## ASSIGNED TASK
Every line below is to be copied exactly, with the pictures left out.

*** MATERIALS PROVIDED Section Begins ***

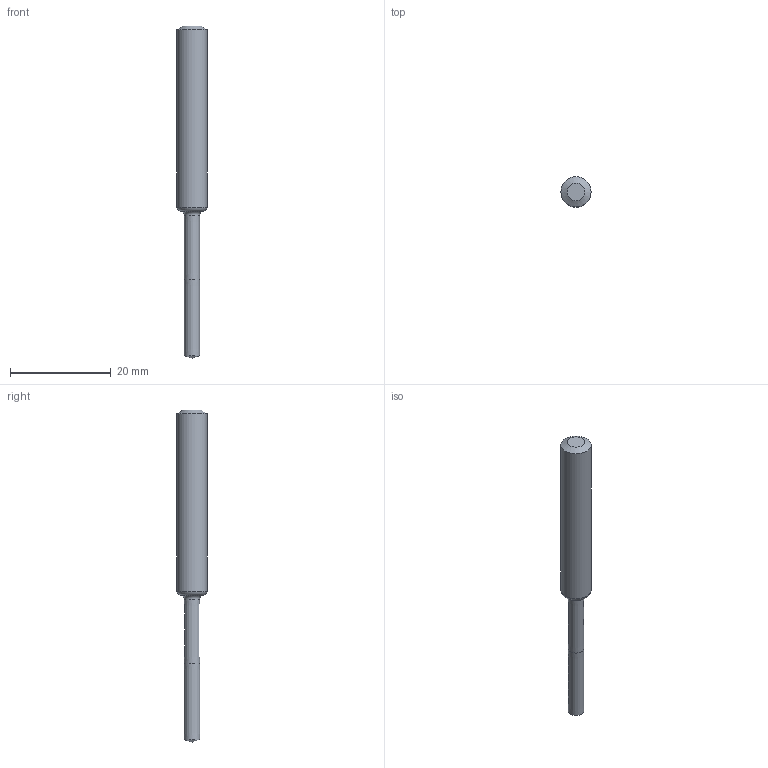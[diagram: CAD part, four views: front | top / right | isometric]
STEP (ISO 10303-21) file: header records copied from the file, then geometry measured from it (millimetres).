
FILE_DESCRIPTION(/* description */ (''),/* implementation_level */ '2;1');
FILE_NAME(/* name */ '7463_1_3d.stp',/* time_stamp */ '2019-07-12T00:52:03+02:00',/* author */ (''),/* organization */ ('SMS'),/* preprocessor_version */ 'ST-DEVELOPER v16.7',/* originating_system */ 'SIEMENS PLM Software NX 12.0',/* authorisation */ '');
FILE_SCHEMA (('AUTOMOTIVE_DESIGN { 1 0 10303 214 3 1 1 1 }'));
Length unit declared in the file: millimetre
Products named in the file (1): 7463_1_3D
Bounding box: 6 x 6 x 66 mm (x, y, z)
Volume: 1240.6 mm3; surface area: 1018.5 mm2
Topology: 2 solids, 2 shells, 10 faces, 18 edges, 13 vertices
Faces by surface type: cone 4, plane 3, torus 2, cylinder 1
Full cylindrical faces by diameter (mm): 6 x1
Entity records: 278 total; most frequent: CARTESIAN_POINT 46, DIRECTION 44, AXIS2_PLACEMENT_3D 22, EDGE_LOOP 16, ORIENTED_EDGE 16, FACE_BOUND 14, ADVANCED_FACE 10, VERTEX_POINT 9

*** MATERIALS PROVIDED Section Ends ***

## SOLUTION
[diagram: CAD part, four views: front | top / right | isometric]
STEP (ISO 10303-21) file: header records copied from the file, then geometry measured from it (millimetres).
FILE_DESCRIPTION(/* description */ (''),/* implementation_level */ '2;1');
FILE_NAME(/* name */ '7463_1_3d.stp',/* time_stamp */ '2019-07-12T00:52:03+02:00',/* author */ (''),/* organization */ ('SMS'),/* preprocessor_version */ 'ST-DEVELOPER v16.7',/* originating_system */ 'SIEMENS PLM Software NX 12.0',/* authorisation */ '');
FILE_SCHEMA (('AUTOMOTIVE_DESIGN { 1 0 10303 214 3 1 1 1 }'));
Length unit declared in the file: millimetre
Products named in the file (1): 7463_1_3D
Bounding box: 6 x 6 x 66 mm (x, y, z)
Volume: 1240.6 mm3; surface area: 1018.5 mm2
Topology: 2 solids, 2 shells, 10 faces, 18 edges, 13 vertices
Faces by surface type: cone 4, plane 3, torus 2, cylinder 1
Full cylindrical faces by diameter (mm): 6 x1
Entity records: 278 total; most frequent: CARTESIAN_POINT 46, DIRECTION 44, AXIS2_PLACEMENT_3D 22, EDGE_LOOP 16, ORIENTED_EDGE 16, FACE_BOUND 14, ADVANCED_FACE 10, VERTEX_POINT 9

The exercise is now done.